Cleverly today told the BBC that he had issued a ‘heartfelt’ apology for the ‘bad joke’.
The Tory MP is a former British Army officer and has a history of swearing like a trooper.
In 2010, when he was a member of the London Assembly, Cleverly lashed out at Lib Dem deputy leader Simon Hughes.
The Home Secretary found himself in hot water again late last year for a bad taste joke about using date-rape drug Rohypnol on his wife Susie
Hughes, the then MP for Bermondsey in south London, was not the biggest fan of his party’s link-up with the Tories in the coalition government under David (now Lord) Cameron and Nick Clegg.
And Cleverly, who represented Bexley and Bromley at the time, took aim at what he saw as efforts to undermine it.
He tweeted: ‘We may be coalition partners but it doesn’t stop me thinking Simon Hughes is a d**k.’

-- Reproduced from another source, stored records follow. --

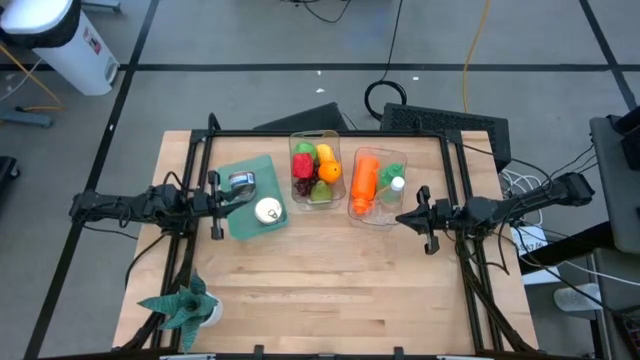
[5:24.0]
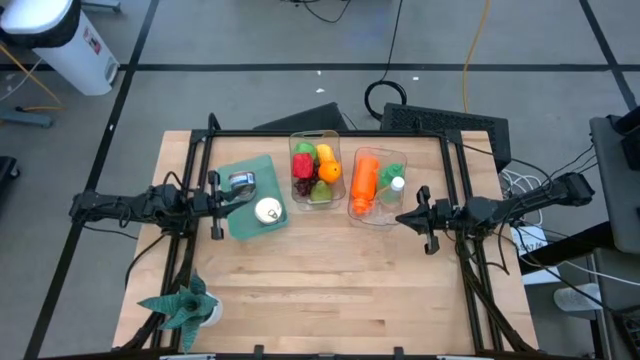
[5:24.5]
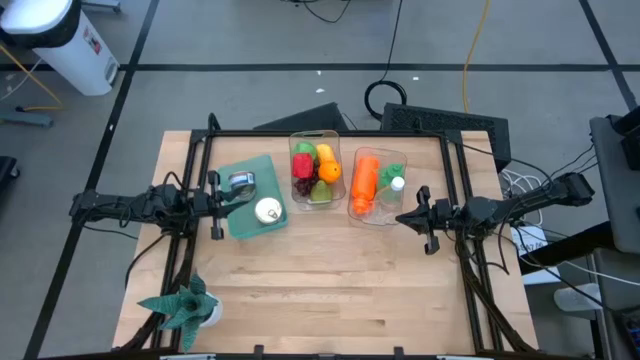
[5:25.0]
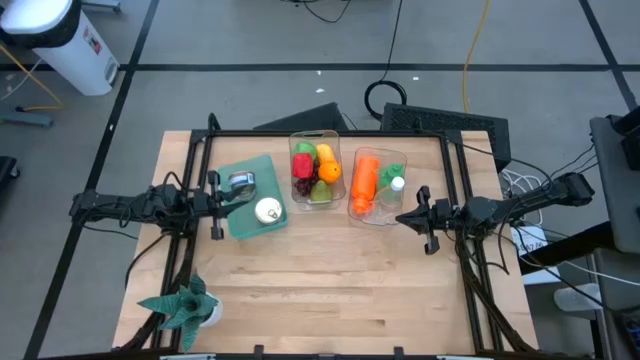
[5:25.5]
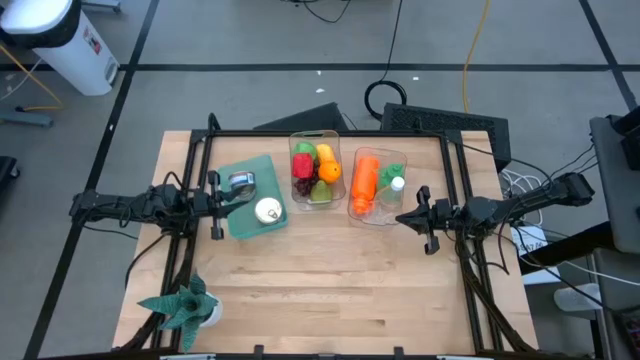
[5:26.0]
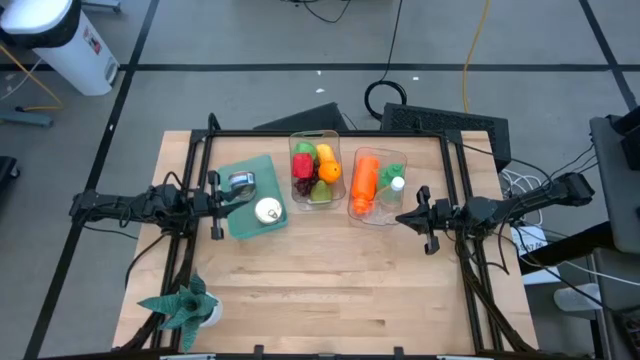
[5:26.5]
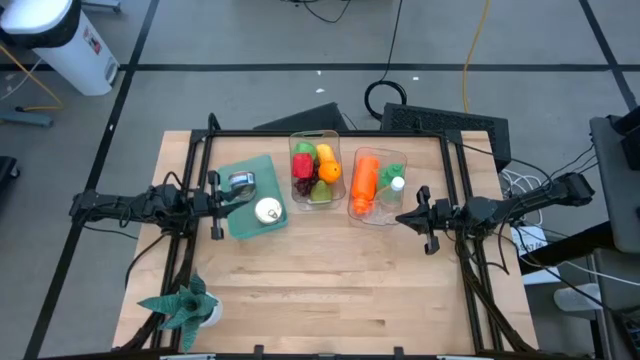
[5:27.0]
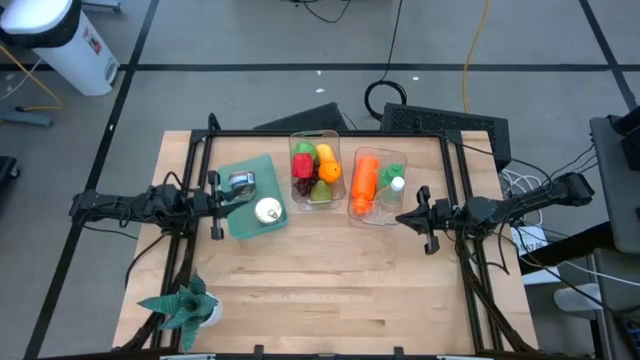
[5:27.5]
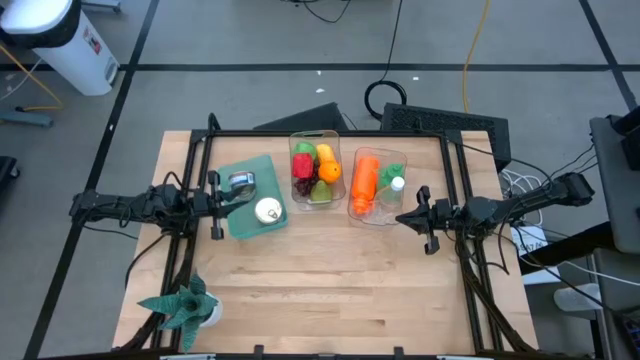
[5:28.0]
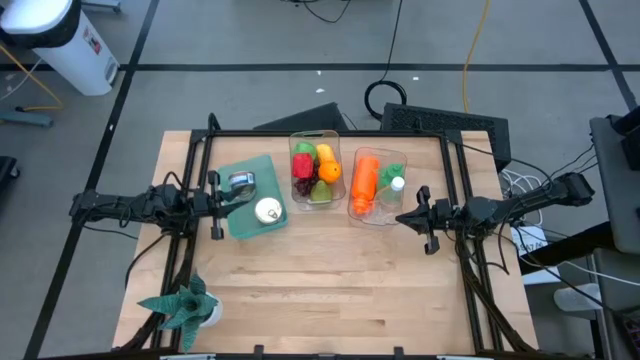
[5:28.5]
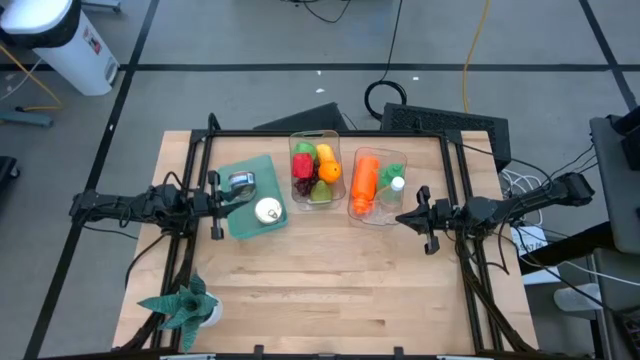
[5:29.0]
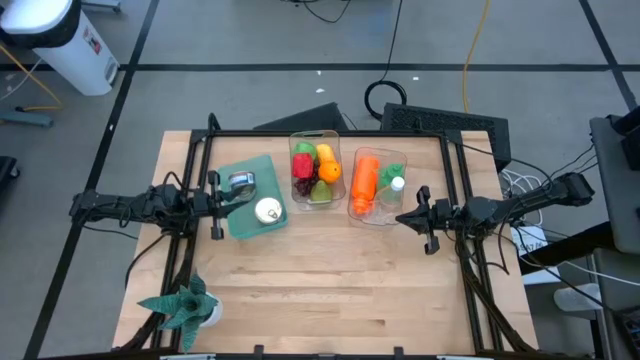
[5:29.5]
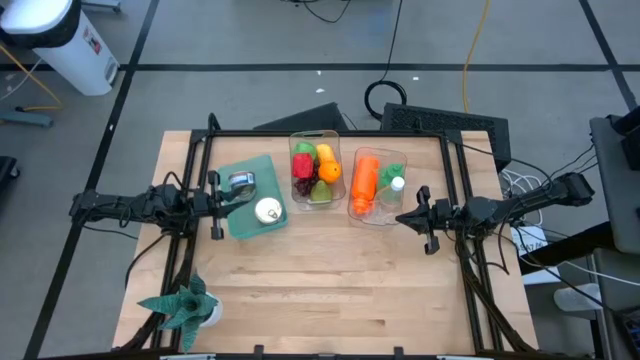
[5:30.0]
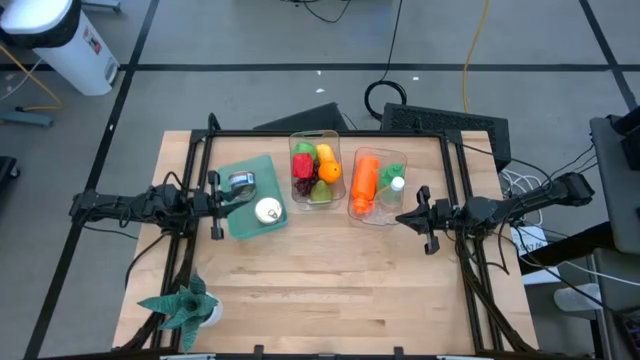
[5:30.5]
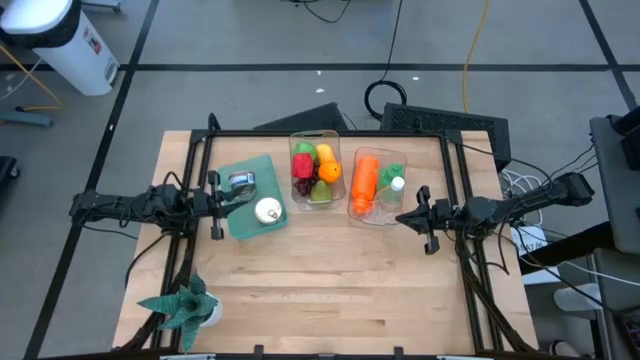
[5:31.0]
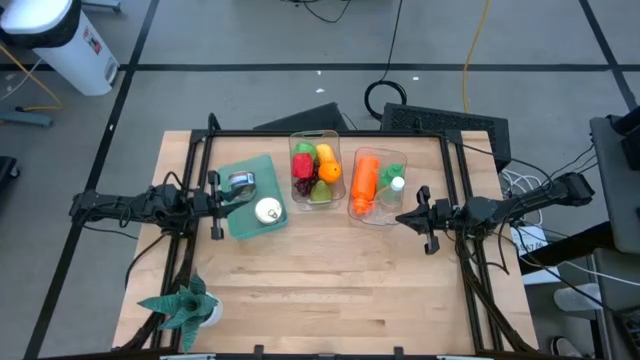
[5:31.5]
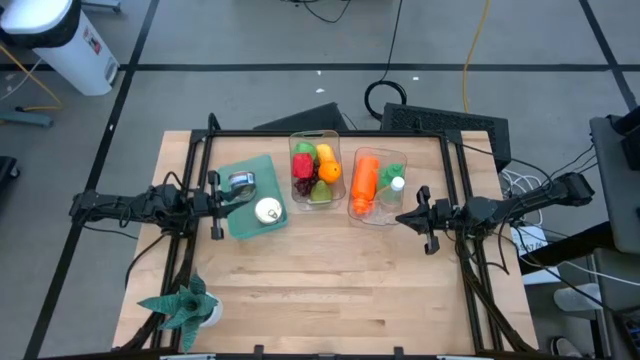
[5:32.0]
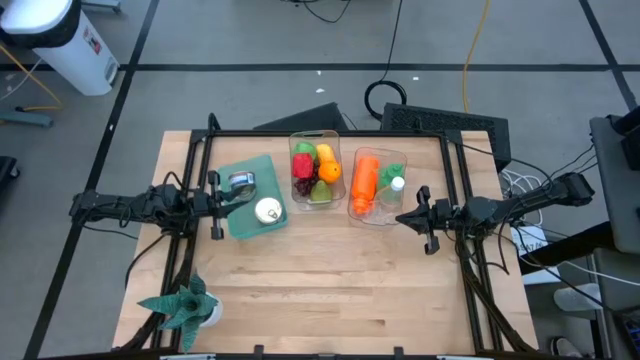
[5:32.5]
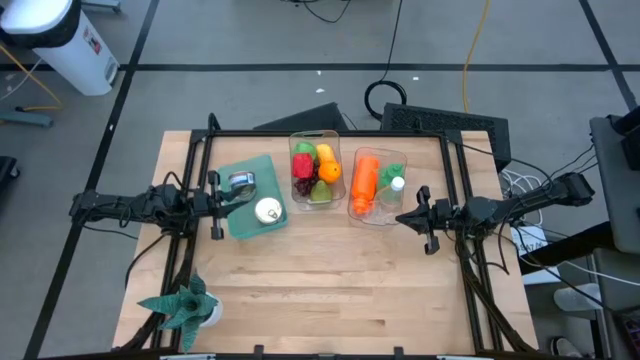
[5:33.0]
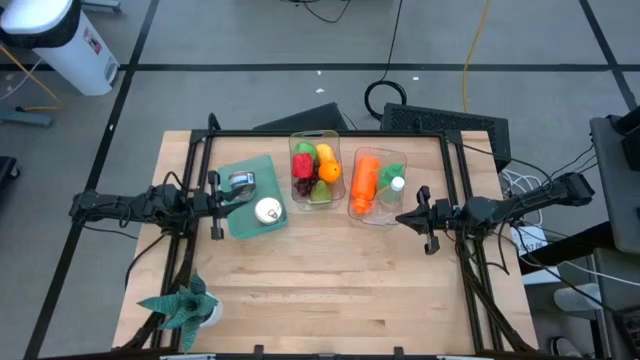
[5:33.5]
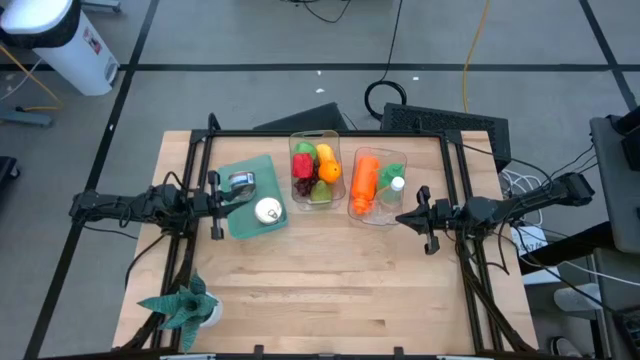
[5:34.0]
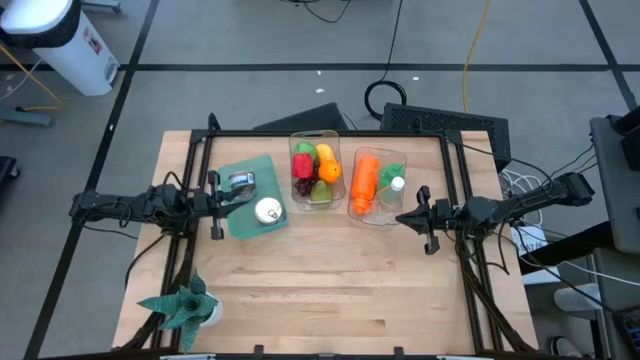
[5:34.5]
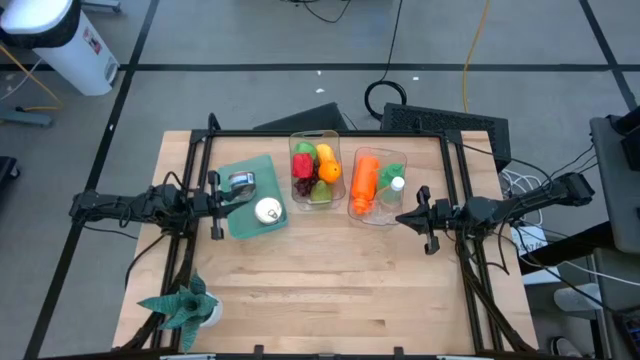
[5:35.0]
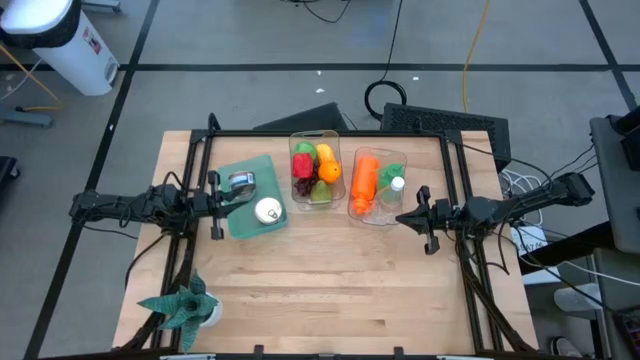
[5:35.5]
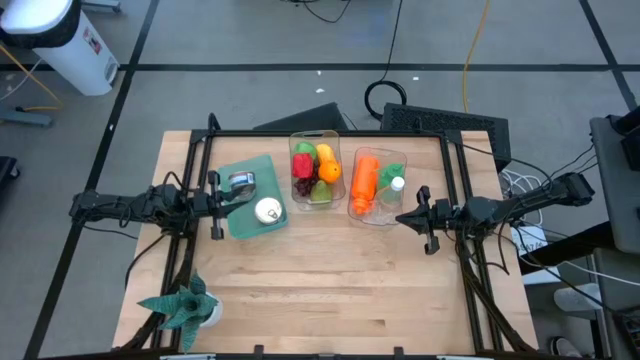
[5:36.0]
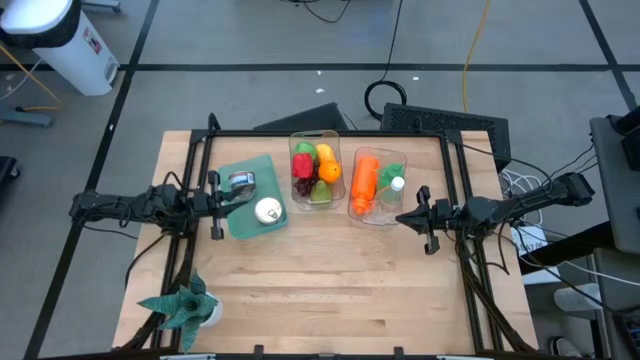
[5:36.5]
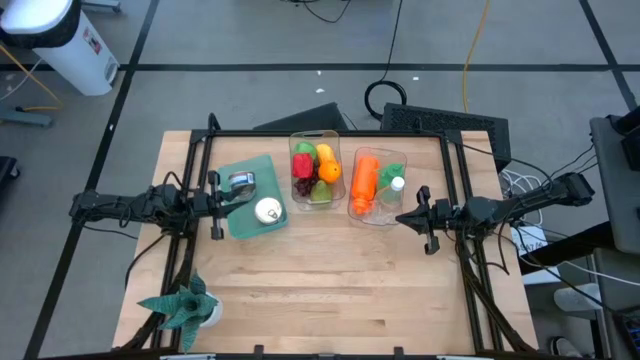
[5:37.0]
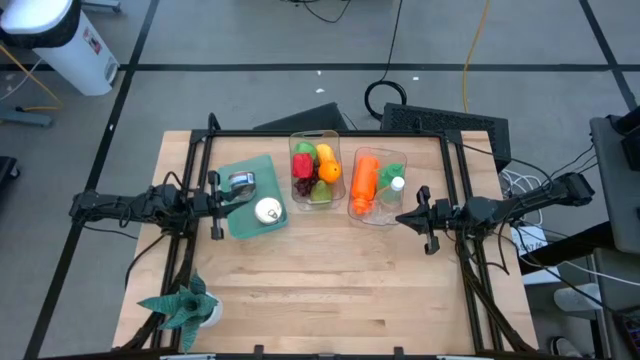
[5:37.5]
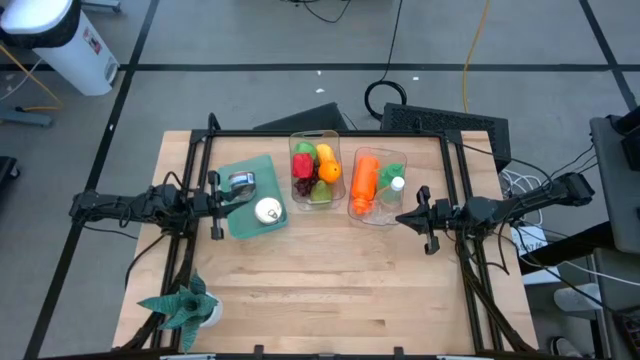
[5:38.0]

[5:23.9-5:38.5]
Task: Pick & Place Food Item
Return to Home Position

But he also expanded on why in a blogpost still available online, branding Hughes’ a ‘fool’ for suggesting Lib Dem backbenchers get a veto over government business.
‘Simon Hughes clearly feels that he is the ”real” voice of the Lib Dems, (but) he isn’t’, Cleverly wrote.
‘He may well reflect the views of a number of Lib Dem MPs who haven’t reconciled themselves to the fact that coalition means compromise. But, as I have said before, a Lib Dem who isn’t prepared to enter a coalition with anyone except Labour isn’t a Lib Dem. They’re Labour…
‘It seems that most Lib Dems understand that there is a tricky balance to be struck, that there is important work to be done and, while this isn’t the best position for each of the coalition parties, we need to dig in and work together.
‘If Hughes feels it impossible to work with the Conservatives and his own front bench Lib Dem colleagues why not just bugger off to Labour and let the serious politicians get on with it?’